Do not take off points for "DADDIU R1, R1, \#32" or "DADDIU R1, R1, \#32" as long as they are scheduled at cycle 5 or later. Do not take off points for "DADDIU R3, R3, \#32" as long as it is scheduled on or before cycle 12. Do not take off points for "DSUB R5, R4, R1" as long as it is scheduled after "DADDUI R1, R1, \#32" and there is one cycle between the DSUB and the branch (since the branch needs that value in ID stage).

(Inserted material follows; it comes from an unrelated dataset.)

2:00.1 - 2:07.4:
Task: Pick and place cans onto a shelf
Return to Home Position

## ONLY GRADUATE STUDENTS SHOULD SOLVE PROBLEM 5.

## Problem 5 [4 points]

Consider the following format for predicated MIPS instructions:
(pT) ADD R1, R2, R3
where the ADD instruction is predicated on the predicate register pT. Assume a set of 1-bit predicate registers.
Assume compare instructions that set a pair of predicate registers to complementary values:
CMP.NE pT, $\mathrm{pF}=\mathrm{R} 8$, R0
The above compare sets the 1 -bit predicate registers, pT and pF , based on the "not equal" (NE)
comparison relation as follows:
$\mathrm{pT}=(\mathrm{R} 8!=\mathrm{R} 0)$
$\mathrm{pF}=$ !(R8!= R0)
So pT is true if R 8 is not equal to R 0 , and pF is the complement of pT .
For the following problem, you can assume the availability of any comparison relation with two operands; e.g., .LE for less than or equal to and .GT for greater than.

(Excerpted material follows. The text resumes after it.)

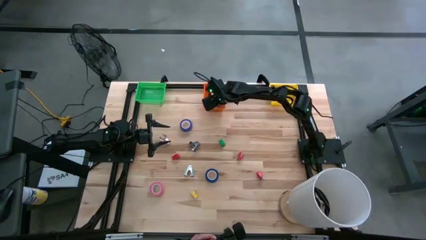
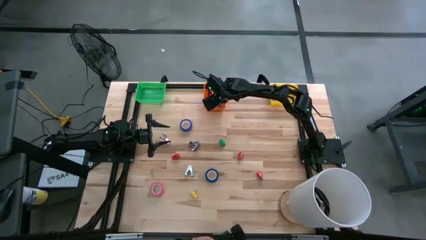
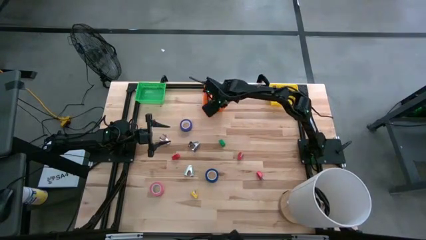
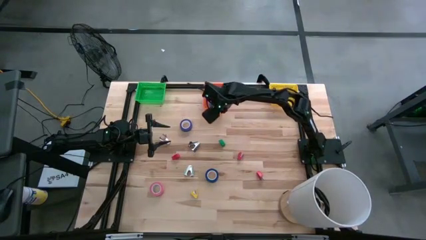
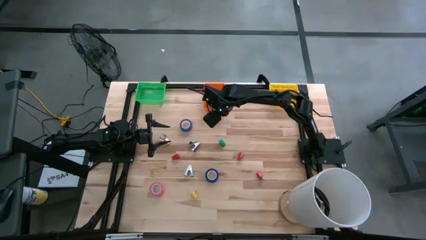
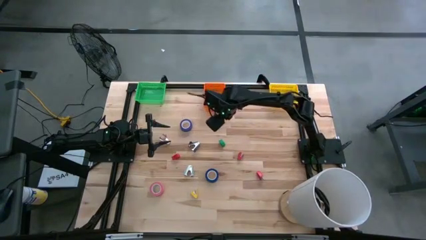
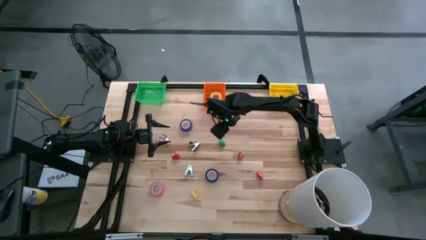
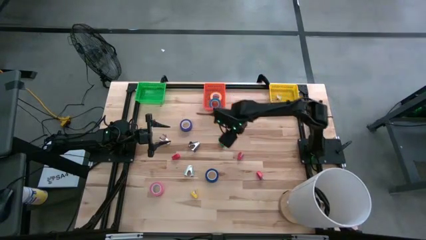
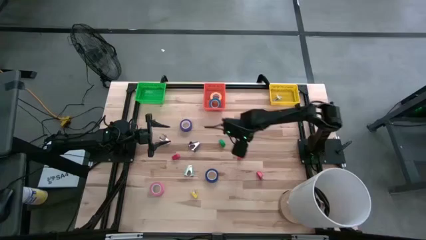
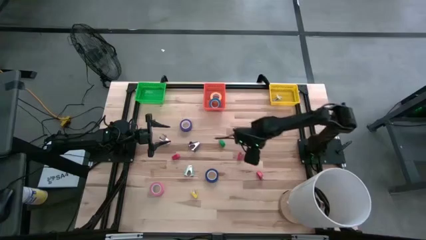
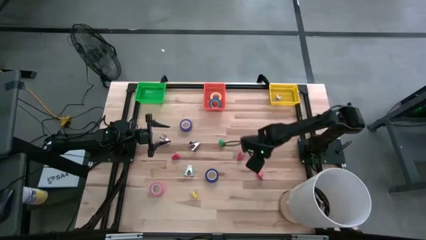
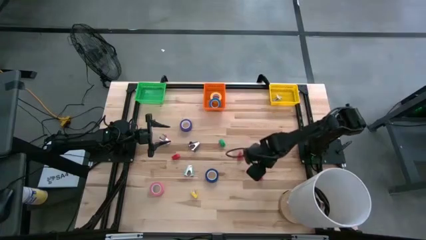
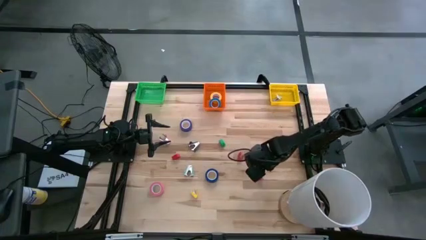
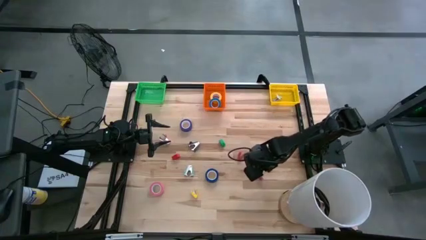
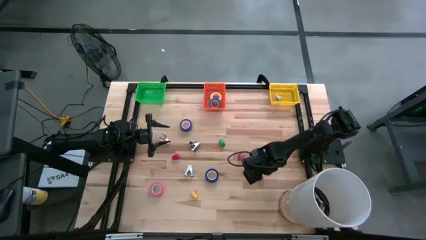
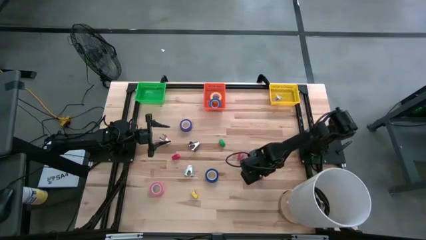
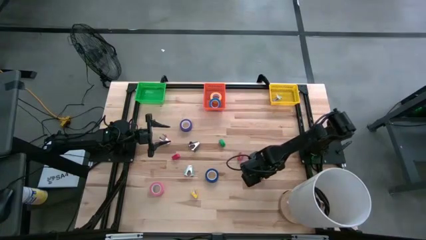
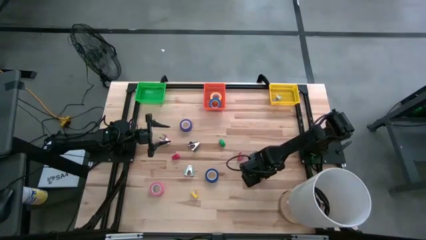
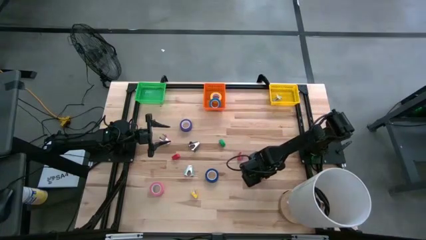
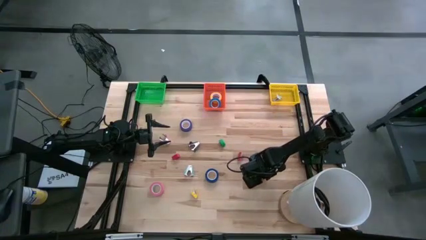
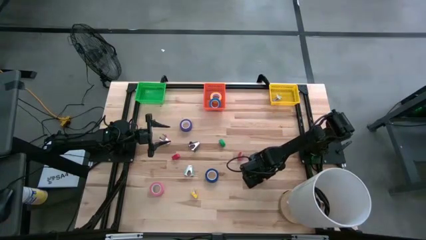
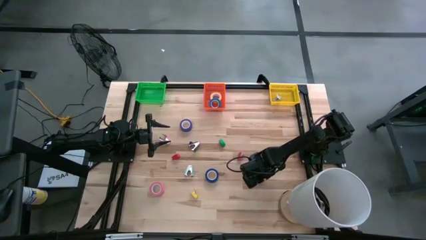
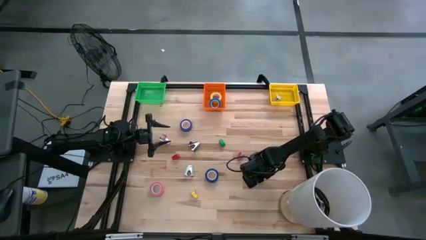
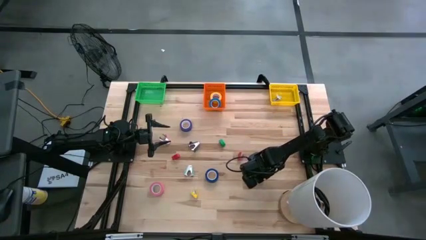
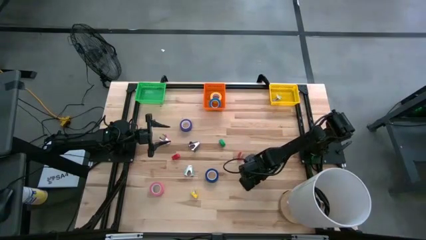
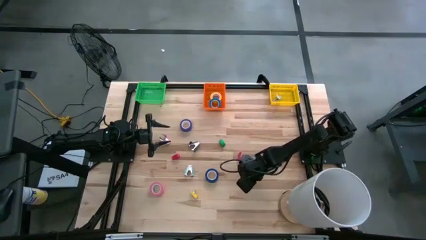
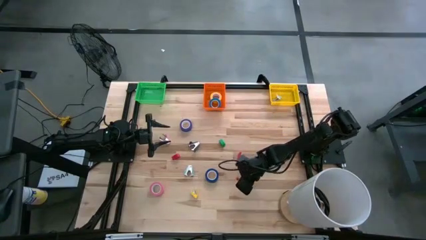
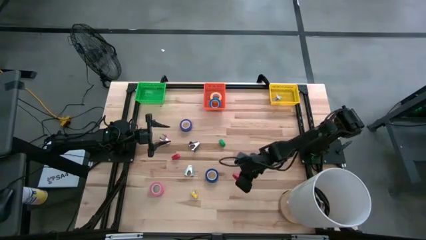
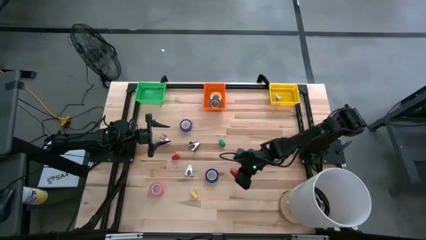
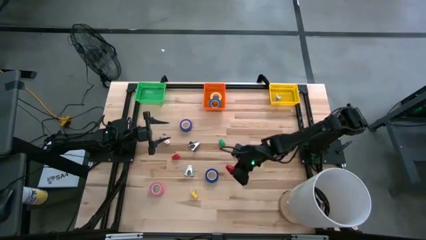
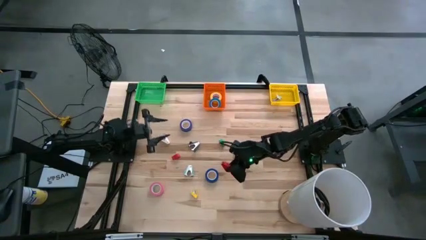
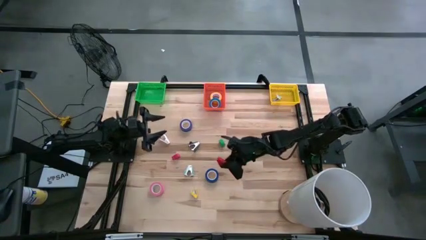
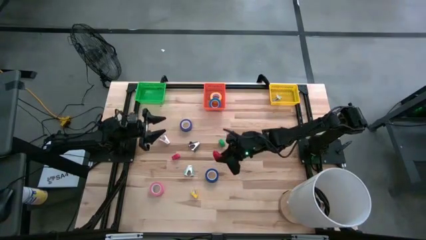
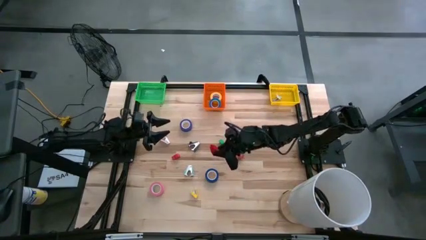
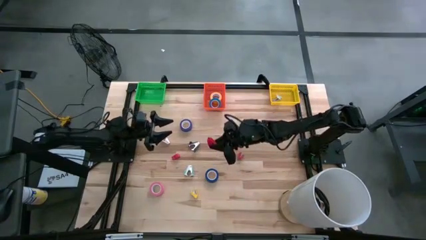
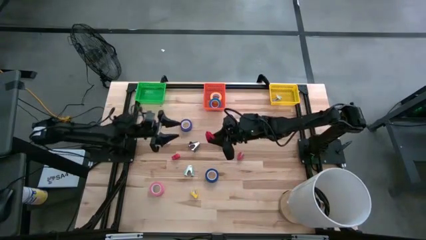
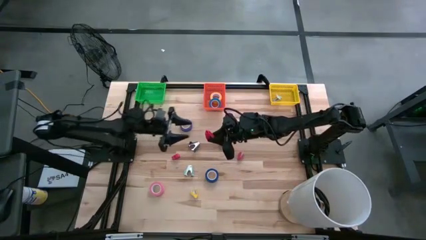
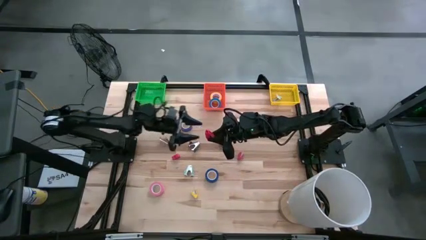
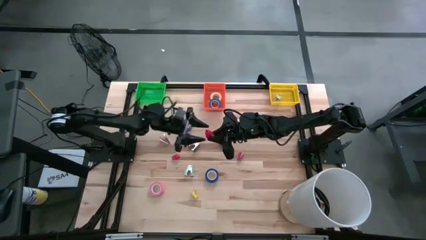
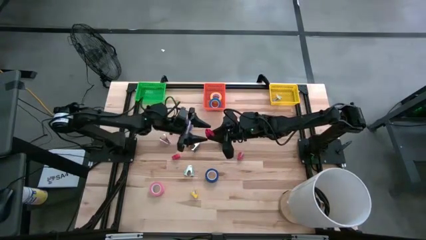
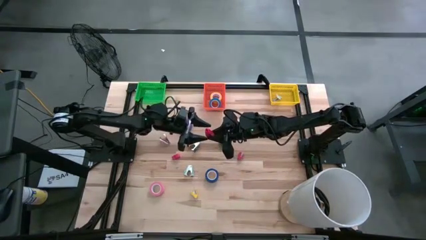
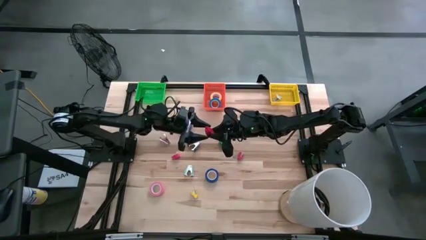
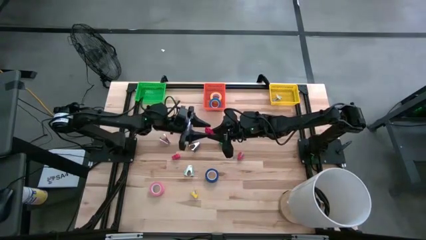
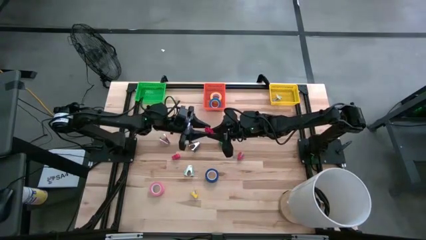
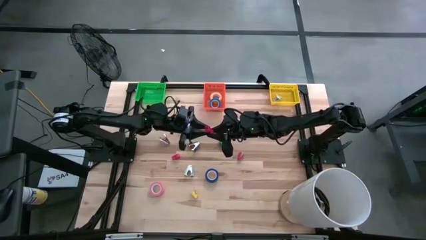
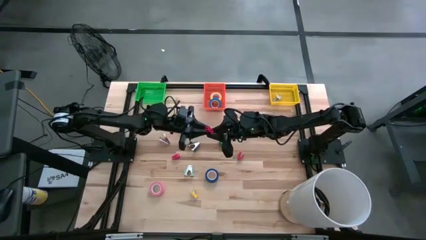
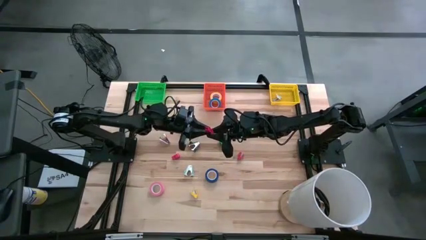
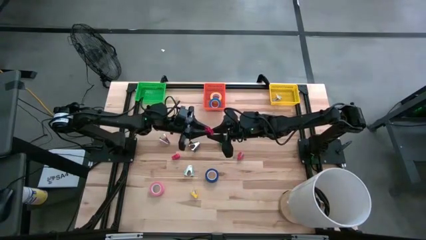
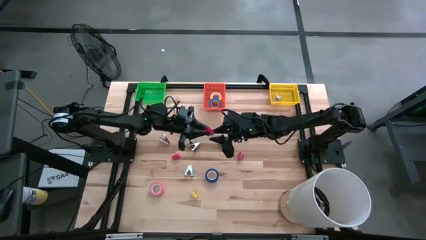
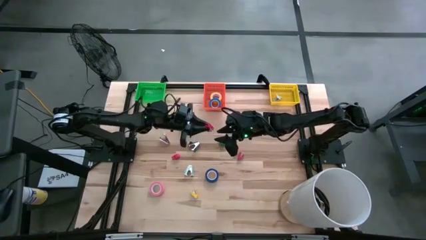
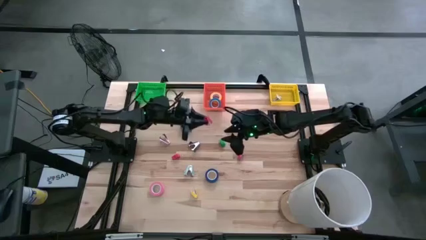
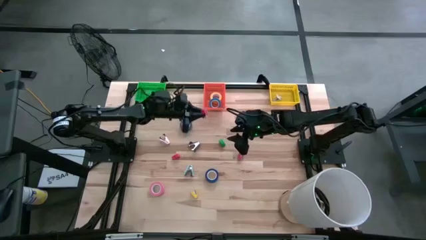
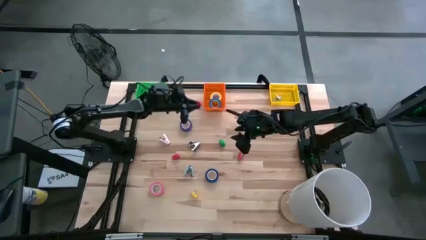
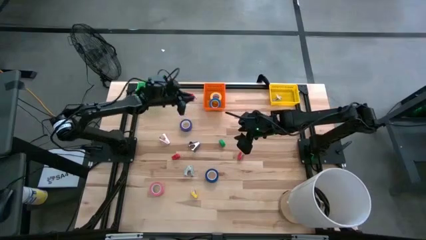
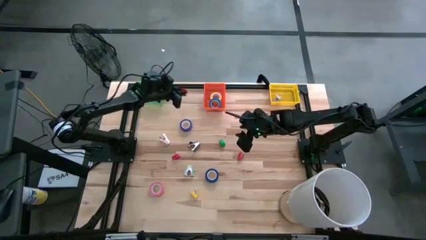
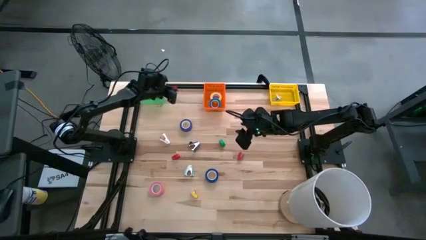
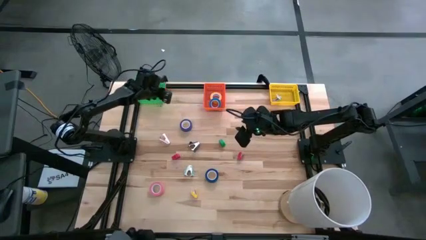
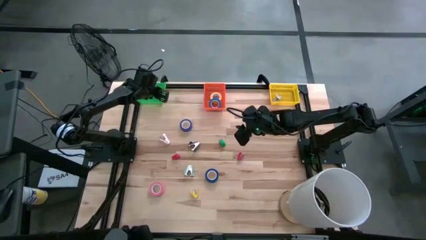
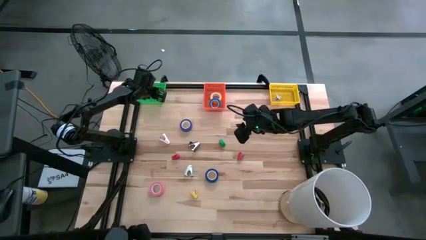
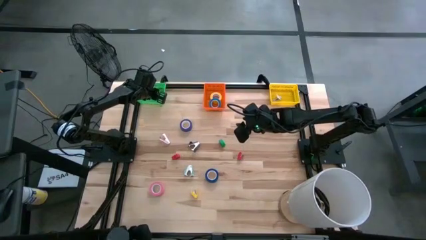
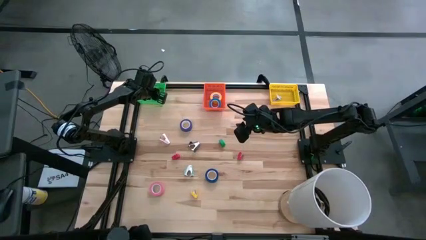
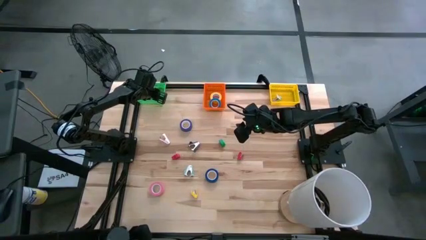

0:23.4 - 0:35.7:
Task: Pick and place Stapler, Stapler remover, tape
Put the bottom right red stapler into the green bin

Using the predicated instructions described above, write the three basic blocks of the following code fragment as a single basic block; i.e., eliminate all branches using predicated instructions.

```
SUB R1, R13, R14
BLT R1, R4, L1 //branch if R1 < R4
ADDI R2, R2,#1
SW R2, 0(R7)
J L2
L1: DIV.D F0, F0, F2
ADD.DF0, F4, F2
S.D F0, 0(R8)
```

L2: ...

Solution:
The code fragment with predicated instructions is as below
(1) SUB R1, R13, R14
(2) CMP.LT pT, pF = R1, R4
(3) ( pF ) ADDI R2, R2, \#1
(4) (pF) SW 0(R7), R2
(5) (pT) DIV.D F0, F0, F2
(6) (pT) ADD.D F0, F4, F2
(7) (pT) S.D 0(R8), F0

L2:...

## Grading:

$1 / 2$ point for correctly translating each of the 8 instructions in the original code. (Note that for the jump instruction, J , the correct translation is to not have any instruction.